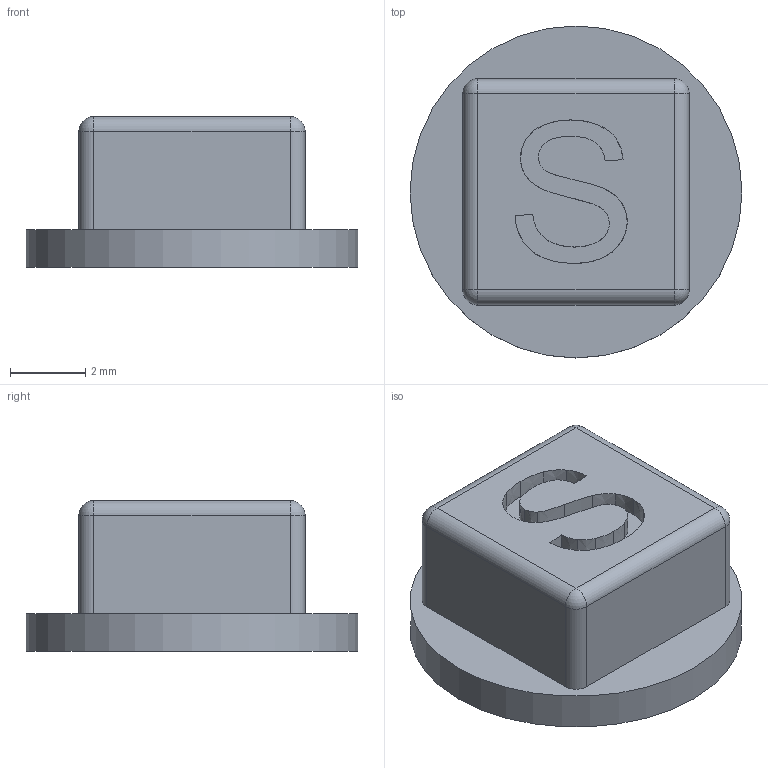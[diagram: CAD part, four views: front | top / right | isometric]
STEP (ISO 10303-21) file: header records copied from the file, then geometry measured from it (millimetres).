
FILE_DESCRIPTION(('FreeCAD Model'),'2;1');
FILE_NAME('Open CASCADE Shape Model','2021-10-21T09:48:23',('Author'),( ''),'Open CASCADE STEP processor 7.5','FreeCAD','Unknown');
FILE_SCHEMA(('AUTOMOTIVE_DESIGN { 1 0 10303 214 1 1 1 1 }'));
Length unit declared in the file: millimetre
Products named in the file (1): Button_Source
Bounding box: 8.8 x 8.8 x 4 mm (x, y, z)
Volume: 165.3 mm3; surface area: 225.5 mm2
Topology: 1 solids, 1 shells, 57 faces, 156 edges, 100 vertices
Faces by surface type: extrusion 33, plane 11, cylinder 9, sphere 4
Full cylindrical faces by diameter (mm): 8.8 x1
Entity records: 3844 total; most frequent: CARTESIAN_POINT 992, DIRECTION 421, VECTOR 321, ORIENTED_EDGE 304, PCURVE 304, DEFINITIONAL_REPRESENTATION 304, LINE 288, B_SPLINE_CURVE_WITH_KNOTS 165

■ ■ ■

DESCRIPTION OF THE TASK ▸ Copy the listing character for character, pictures omitted.

RESULT OF THIS EXERCISE ▸
[diagram: CAD part, four views: front | top / right | isometric]
STEP (ISO 10303-21) file: header records copied from the file, then geometry measured from it (millimetres).
FILE_DESCRIPTION(('FreeCAD Model'),'2;1');
FILE_NAME('Open CASCADE Shape Model','2021-10-21T09:48:23',('Author'),( ''),'Open CASCADE STEP processor 7.5','FreeCAD','Unknown');
FILE_SCHEMA(('AUTOMOTIVE_DESIGN { 1 0 10303 214 1 1 1 1 }'));
Length unit declared in the file: millimetre
Products named in the file (1): Button_Source
Bounding box: 8.8 x 8.8 x 4 mm (x, y, z)
Volume: 165.3 mm3; surface area: 225.5 mm2
Topology: 1 solids, 1 shells, 57 faces, 156 edges, 100 vertices
Faces by surface type: extrusion 33, plane 11, cylinder 9, sphere 4
Full cylindrical faces by diameter (mm): 8.8 x1
Entity records: 3844 total; most frequent: CARTESIAN_POINT 992, DIRECTION 421, VECTOR 321, ORIENTED_EDGE 304, PCURVE 304, DEFINITIONAL_REPRESENTATION 304, LINE 288, B_SPLINE_CURVE_WITH_KNOTS 165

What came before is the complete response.